# AIM OF THE TASK:
Each entry should be repeated exactly. Its pictures should not be.
::: PROVIDED RECORDS :::
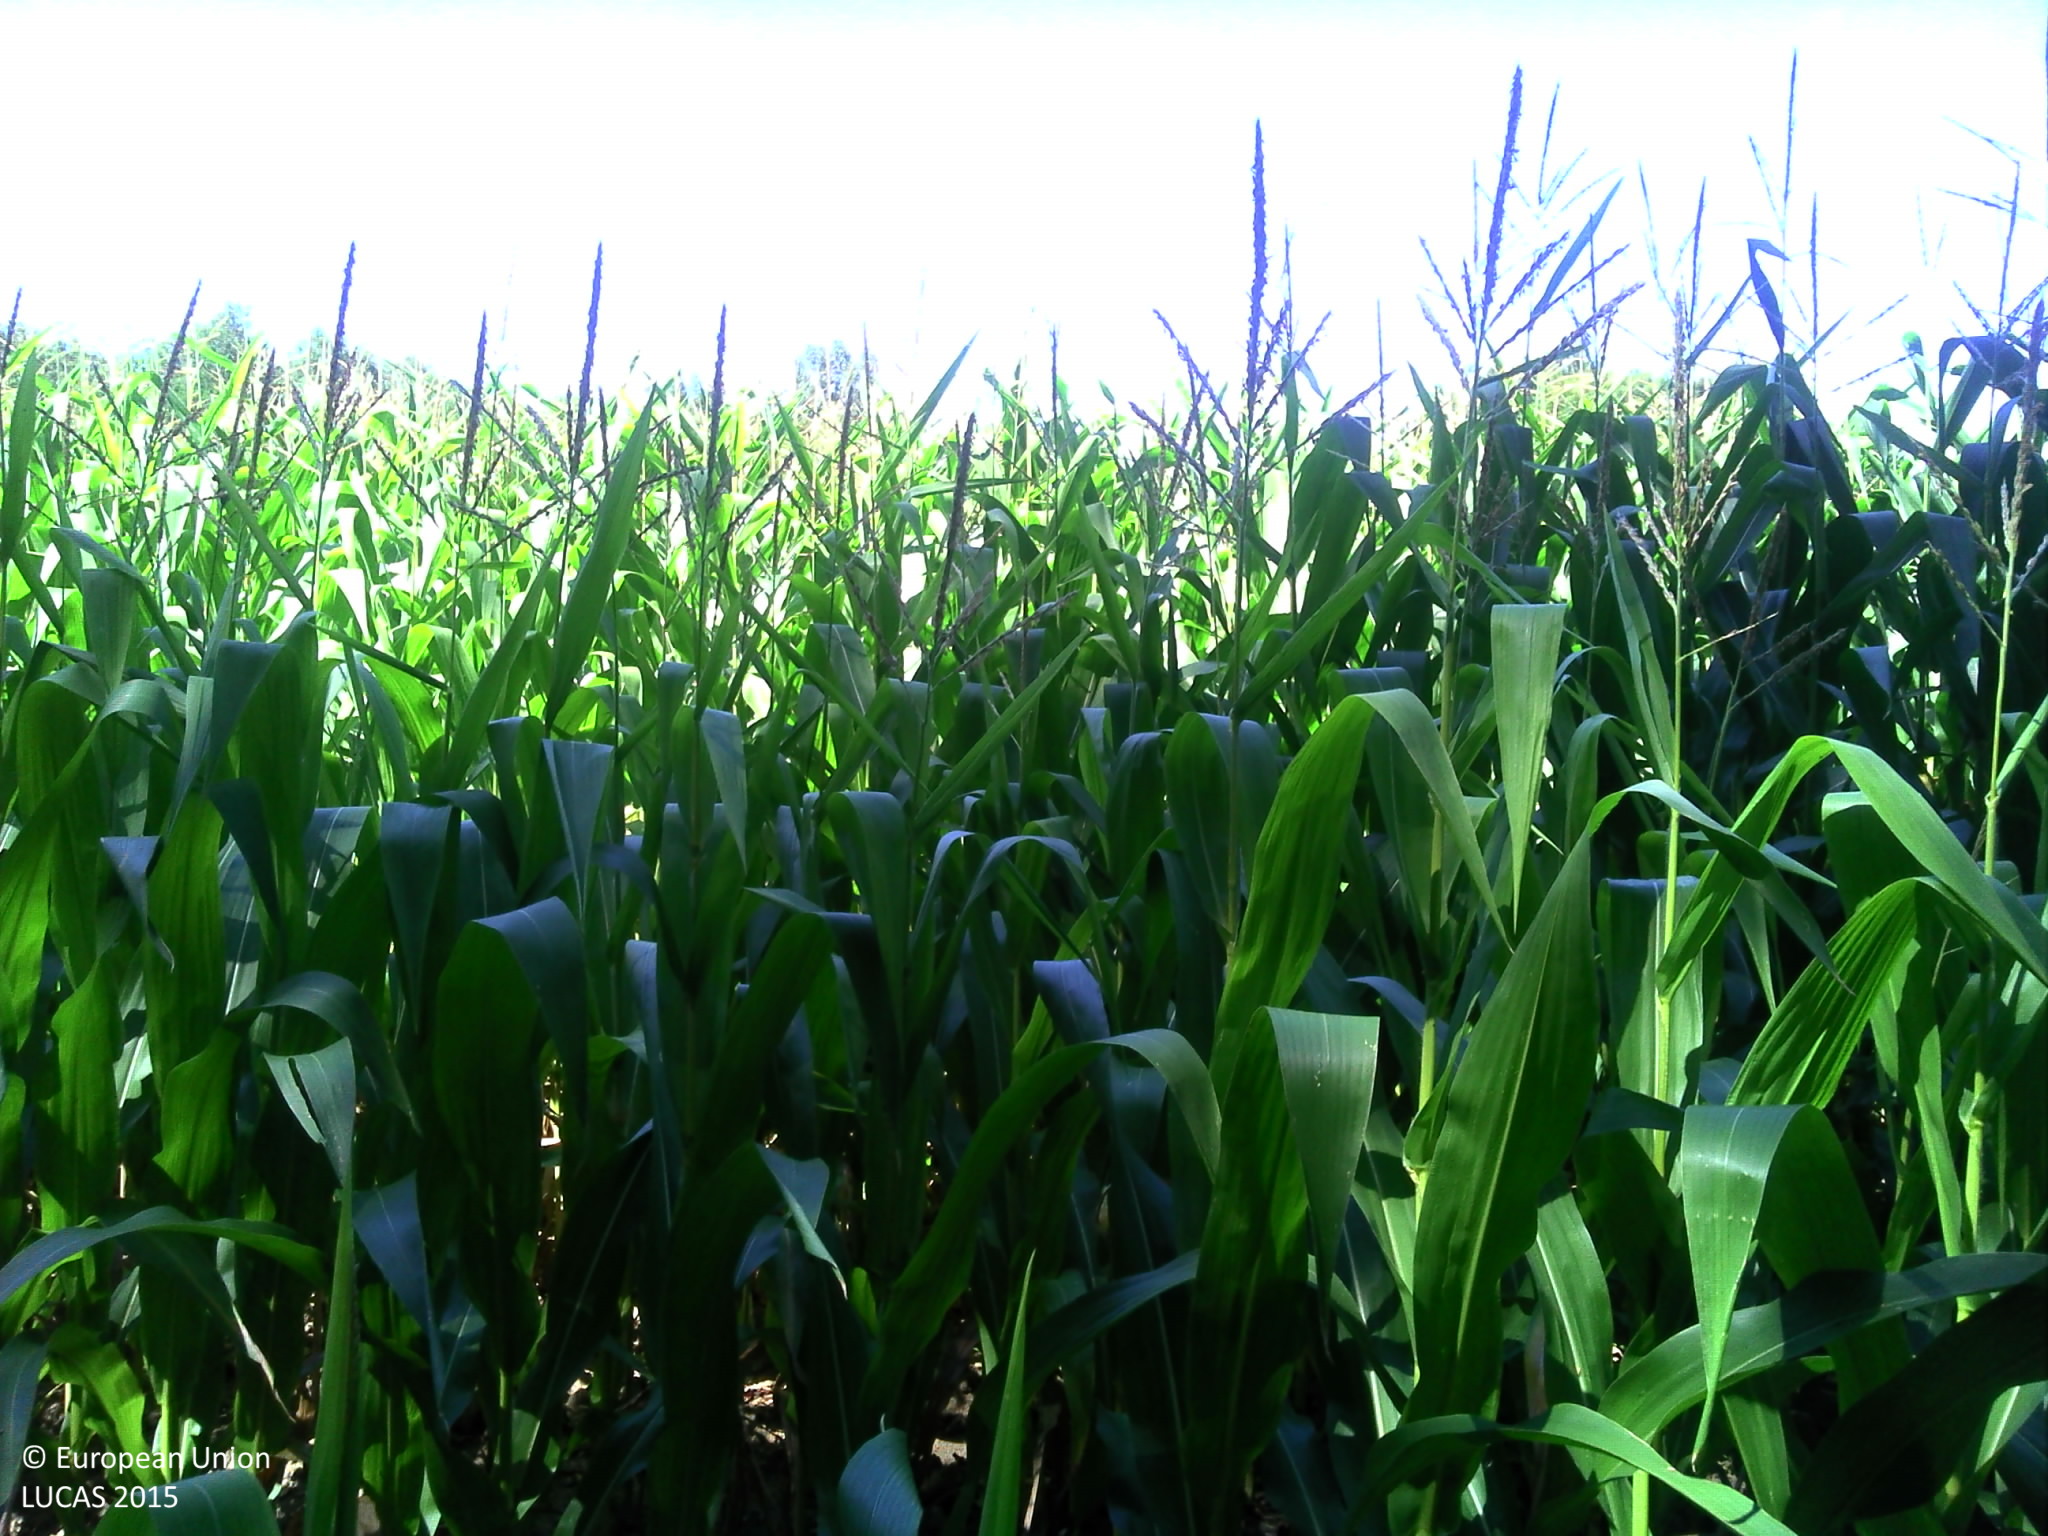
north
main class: Cropland
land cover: Maize
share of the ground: > 75 %
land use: Agriculture (excluding fallow land and kitchen gardens)
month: July
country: FR
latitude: 45.6410
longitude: 5.4498
:::
# ANSWER FOR THIS EXERCISE:
north
main class: Cropland
land cover: Maize
share of the ground: > 75 %
land use: Agriculture (excluding fallow land and kitchen gardens)
month: July
country: FR
latitude: 45.6410
longitude: 5.4498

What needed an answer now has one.